What to work on: What is needed here is an exact printout of the data, with no pictures included.

Material for this exercise:
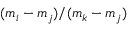
( m _ { i } - m _ { j } ) / ( m _ { k } - m _ { j } )
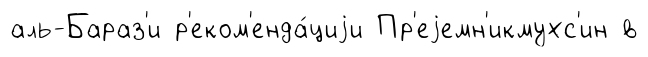
аль-Бараз'и р'еком'енда́циjи Пр'еjемн'икмухс'ин в
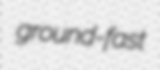
ground-fast
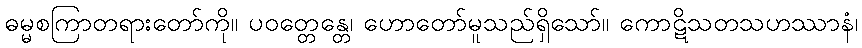
ဓမ္မစကြာတရားတော်ကို။ ပဝတ္တေန္တေ၊ ဟောတော်မူသည်ရှိသော်။ ကောဋိသတသဟဿာနံ၊
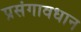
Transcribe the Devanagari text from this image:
प्रसंगावधान
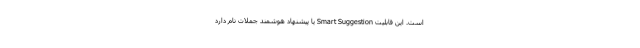
است. این قابلیت Smart Suggestion یا پیشنهاد هوشمند جملات نام دارد
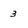
Character: 3
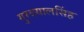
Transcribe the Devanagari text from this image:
गुरदयालसिंह
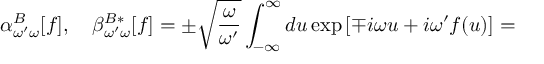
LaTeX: \alpha _ { \omega ^ { \prime } \omega } ^ { B } [ f ] , \quad \beta _ { \omega ^ { \prime } \omega } ^ { B * } [ f ] = \pm \sqrt { \frac { \omega } { \omega ^ { \prime } } } \int _ { - \infty } ^ { \infty } d u \exp \, [ \mp i \omega u + i \omega ^ { \prime } f ( u ) ] =
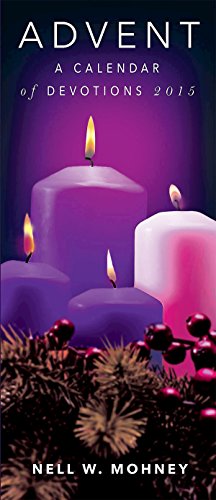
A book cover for Advent: A Calendar of Devotions 2015 (Package of 10); Nell W. Mohney; Christian Books & Bibles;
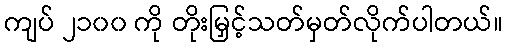
ကျပ် ၂၁၀၀ ကို တိုးမြှင့်သတ်မှတ်လိုက်ပါတယ်။
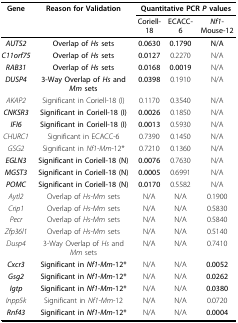
<table><thead><tr><td><b>Gene</b></td><td><b>Reason for Validation</b></td><td colspan="3"><b>Quantitative PCR <i>P </i>values</b></td></tr><tr><td></td><td></td><td><b>Coriell-18</b></td><td><b>ECACC-6</b></td><td><b><i>Nf1</i>-Mouse-12</b></td></tr></thead><tbody><tr><td><b><i>AUTS2</i></b></td><td><b>Overlap of <i>Hs </i>sets</b></td><td><b>0.0630</b></td><td><b>0.1790</b></td><td><b>N/A</b></td></tr><tr><td><b><i>C11orf75</i></b></td><td><b>Overlap of <i>Hs </i>sets</b></td><td><b>0.0127</b></td><td>0.2270</td><td>N/A</td></tr><tr><td><b><i>RAB31</i></b></td><td><b>Overlap of <i>Hs </i>sets</b></td><td><b>0.0168</b></td><td><b>0.0019</b></td><td>N/A</td></tr><tr><td><b><i>DUSP4</i></b></td><td><b>3-Way Overlap of <i>Hs </i>and <i>Mm </i>sets</b></td><td><b>0.0398</b></td><td>0.1910</td><td>N/A</td></tr><tr><td><i>AKAP2</i></td><td>Significant in Coriell-18 (I)</td><td>0.1170</td><td>0.3540</td><td>N/A</td></tr><tr><td><b><i>CNKSR3</i></b></td><td><b>Significant in Coriell-18 (I)</b></td><td><b>0.0026</b></td><td>0.1850</td><td>N/A</td></tr><tr><td><b><i>IFI6</i></b></td><td><b>Significant in Coriell-18 (I)</b></td><td><b>0.0013</b></td><td>0.5930</td><td>N/A</td></tr><tr><td><i>CHURC1</i></td><td>Significant in ECACC-6</td><td>0.7390</td><td>0.1450</td><td>N/A</td></tr><tr><td><i>GSG2</i></td><td>Significant in <i>Nf1-Mm</i>-12*</td><td>0.7210</td><td>0.1360</td><td>N/A</td></tr><tr><td><b><i>EGLN3</i></b></td><td><b>Significant in Coriell-18 (N)</b></td><td><b>0.0076</b></td><td>0.7630</td><td>N/A</td></tr><tr><td><b><i>MGST3</i></b></td><td><b>Significant in Coriell-18 (N)</b></td><td><b>0.0005</b></td><td>0.6991</td><td>N/A</td></tr><tr><td><b><i>POMC</i></b></td><td><b>Significant in Coriell-18 (N)</b></td><td><b>0.0170</b></td><td>0.5582</td><td>N/A</td></tr><tr><td><i>Aytl2</i></td><td>Overlap of <i>Hs-Mm </i>sets</td><td>N/A</td><td>N/A</td><td>0.1900</td></tr><tr><td><i>Crip1</i></td><td>Overlap of <i>Hs-Mm </i>sets</td><td>N/A</td><td>N/A</td><td>0.5830</td></tr><tr><td><i>Pecr</i></td><td>Overlap of <i>Hs-Mm </i>sets</td><td>N/A</td><td>N/A</td><td>0.5840</td></tr><tr><td><i>Zfp36l1</i></td><td>Overlap of <i>Hs-Mm </i>sets</td><td>N/A</td><td>N/A</td><td>0.5140</td></tr><tr><td><i>Dusp4</i></td><td>3-Way Overlap of <i>Hs </i>and <i>Mm </i>sets</td><td>N/A</td><td>N/A</td><td>0.7410</td></tr><tr><td><b><i>Cxcr3</i></b></td><td><b>Significant in <i>Nf1-Mm</i>-12*</b></td><td>N/A</td><td>N/A</td><td><b>0.0052</b></td></tr><tr><td><b><i>Gsg2</i></b></td><td><b>Significant in <i>Nf1-Mm</i>-12*</b></td><td>N/A</td><td>N/A</td><td><b>0.0262</b></td></tr><tr><td><b><i>Igtp</i></b></td><td><b>Significant in <i>Nf1-Mm</i>-12*</b></td><td>N/A</td><td>N/A</td><td><b>0.0380</b></td></tr><tr><td><i>Inpp5k</i></td><td>Significant in <i>Nf1-Mm</i>-12</td><td>N/A</td><td>N/A</td><td>0.0720</td></tr><tr><td><b><i>Rnf43</i></b></td><td><b>Significant in <i>Nf1-Mm</i>-12*</b></td><td>N/A</td><td>N/A</td><td><b>0.0004</b></td></tr></tbody></table>
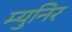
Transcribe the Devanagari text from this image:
म्युनिर
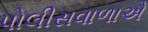
પોલીસવાળાએ
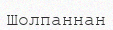
Шолпаннан
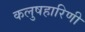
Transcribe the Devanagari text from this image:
कलुषहारिणी
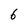
Character: 6
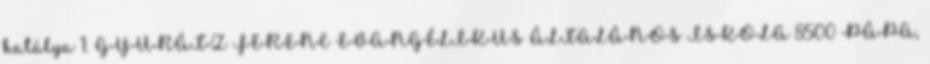
hatálya 1. GYURÁTZ FERENC EVANGÉLIKUS ÁLTALÁNOS ISKOLA 8500 PÁPA,
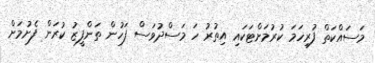
މަސައްކަތް ފުރިހަމަ ކުރުމަށްޓަކައި އިތުރު ހަ މަސްދުވަސް ފަހުން ތަންފީޒު ކުރަން ފެށުމަށް
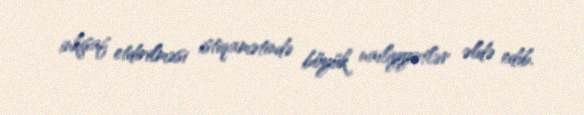
inkişaf etdirilməsi istiqamətində böyük nailiyyətlər əldə edib.

Exercise result:
( m _ { i } - m _ { j } ) / ( m _ { k } - m _ { j } )
аль-Бараз'и р'еком'енда́циjи Пр'еjемн'икмухс'ин в
ground-fast
ဓမ္မစကြာတရားတော်ကို။ ပဝတ္တေန္တေ၊ ဟောတော်မူသည်ရှိသော်။ ကောဋိသတသဟဿာနံ၊
Transcribe the Devanagari text from this image:
प्रसंगावधान
است. این قابلیت Smart Suggestion یا پیشنهاد هوشمند جملات نام دارد
Character: 3
Transcribe the Devanagari text from this image:
गुरदयालसिंह
LaTeX: \alpha _ { \omega ^ { \prime } \omega } ^ { B } [ f ] , \quad \beta _ { \omega ^ { \prime } \omega } ^ { B * } [ f ] = \pm \sqrt { \frac { \omega } { \omega ^ { \prime } } } \int _ { - \infty } ^ { \infty } d u \exp \, [ \mp i \omega u + i \omega ^ { \prime } f ( u ) ] =
A book cover for Advent: A Calendar of Devotions 2015 (Package of 10); Nell W. Mohney; Christian Books & Bibles;
ကျပ် ၂၁၀၀ ကို တိုးမြှင့်သတ်မှတ်လိုက်ပါတယ်။
<table><thead><tr><td><b>Gene</b></td><td><b>Reason for Validation</b></td><td colspan="3"><b>Quantitative PCR <i>P </i>values</b></td></tr><tr><td></td><td></td><td><b>Coriell-18</b></td><td><b>ECACC-6</b></td><td><b><i>Nf1</i>-Mouse-12</b></td></tr></thead><tbody><tr><td><b><i>AUTS2</i></b></td><td><b>Overlap of <i>Hs </i>sets</b></td><td><b>0.0630</b></td><td><b>0.1790</b></td><td><b>N/A</b></td></tr><tr><td><b><i>C11orf75</i></b></td><td><b>Overlap of <i>Hs </i>sets</b></td><td><b>0.0127</b></td><td>0.2270</td><td>N/A</td></tr><tr><td><b><i>RAB31</i></b></td><td><b>Overlap of <i>Hs </i>sets</b></td><td><b>0.0168</b></td><td><b>0.0019</b></td><td>N/A</td></tr><tr><td><b><i>DUSP4</i></b></td><td><b>3-Way Overlap of <i>Hs </i>and <i>Mm </i>sets</b></td><td><b>0.0398</b></td><td>0.1910</td><td>N/A</td></tr><tr><td><i>AKAP2</i></td><td>Significant in Coriell-18 (I)</td><td>0.1170</td><td>0.3540</td><td>N/A</td></tr><tr><td><b><i>CNKSR3</i></b></td><td><b>Significant in Coriell-18 (I)</b></td><td><b>0.0026</b></td><td>0.1850</td><td>N/A</td></tr><tr><td><b><i>IFI6</i></b></td><td><b>Significant in Coriell-18 (I)</b></td><td><b>0.0013</b></td><td>0.5930</td><td>N/A</td></tr><tr><td><i>CHURC1</i></td><td>Significant in ECACC-6</td><td>0.7390</td><td>0.1450</td><td>N/A</td></tr><tr><td><i>GSG2</i></td><td>Significant in <i>Nf1-Mm</i>-12*</td><td>0.7210</td><td>0.1360</td><td>N/A</td></tr><tr><td><b><i>EGLN3</i></b></td><td><b>Significant in Coriell-18 (N)</b></td><td><b>0.0076</b></td><td>0.7630</td><td>N/A</td></tr><tr><td><b><i>MGST3</i></b></td><td><b>Significant in Coriell-18 (N)</b></td><td><b>0.0005</b></td><td>0.6991</td><td>N/A</td></tr><tr><td><b><i>POMC</i></b></td><td><b>Significant in Coriell-18 (N)</b></td><td><b>0.0170</b></td><td>0.5582</td><td>N/A</td></tr><tr><td><i>Aytl2</i></td><td>Overlap of <i>Hs-Mm </i>sets</td><td>N/A</td><td>N/A</td><td>0.1900</td></tr><tr><td><i>Crip1</i></td><td>Overlap of <i>Hs-Mm </i>sets</td><td>N/A</td><td>N/A</td><td>0.5830</td></tr><tr><td><i>Pecr</i></td><td>Overlap of <i>Hs-Mm </i>sets</td><td>N/A</td><td>N/A</td><td>0.5840</td></tr><tr><td><i>Zfp36l1</i></td><td>Overlap of <i>Hs-Mm </i>sets</td><td>N/A</td><td>N/A</td><td>0.5140</td></tr><tr><td><i>Dusp4</i></td><td>3-Way Overlap of <i>Hs </i>and <i>Mm </i>sets</td><td>N/A</td><td>N/A</td><td>0.7410</td></tr><tr><td><b><i>Cxcr3</i></b></td><td><b>Significant in <i>Nf1-Mm</i>-12*</b></td><td>N/A</td><td>N/A</td><td><b>0.0052</b></td></tr><tr><td><b><i>Gsg2</i></b></td><td><b>Significant in <i>Nf1-Mm</i>-12*</b></td><td>N/A</td><td>N/A</td><td><b>0.0262</b></td></tr><tr><td><b><i>Igtp</i></b></td><td><b>Significant in <i>Nf1-Mm</i>-12*</b></td><td>N/A</td><td>N/A</td><td><b>0.0380</b></td></tr><tr><td><i>Inpp5k</i></td><td>Significant in <i>Nf1-Mm</i>-12</td><td>N/A</td><td>N/A</td><td>0.0720</td></tr><tr><td><b><i>Rnf43</i></b></td><td><b>Significant in <i>Nf1-Mm</i>-12*</b></td><td>N/A</td><td>N/A</td><td><b>0.0004</b></td></tr></tbody></table>
Transcribe the Devanagari text from this image:
म्युनिर
પોલીસવાળાએ
Шолпаннан
Transcribe the Devanagari text from this image:
कलुषहारिणी
Character: 6
hatálya 1. GYURÁTZ FERENC EVANGÉLIKUS ÁLTALÁNOS ISKOLA 8500 PÁPA,
މަސައްކަތް ފުރިހަމަ ކުރުމަށްޓަކައި އިތުރު ހަ މަސްދުވަސް ފަހުން ތަންފީޒު ކުރަން ފެށުމަށް
inkişaf etdirilməsi istiqamətində böyük nailiyyətlər əldə edib.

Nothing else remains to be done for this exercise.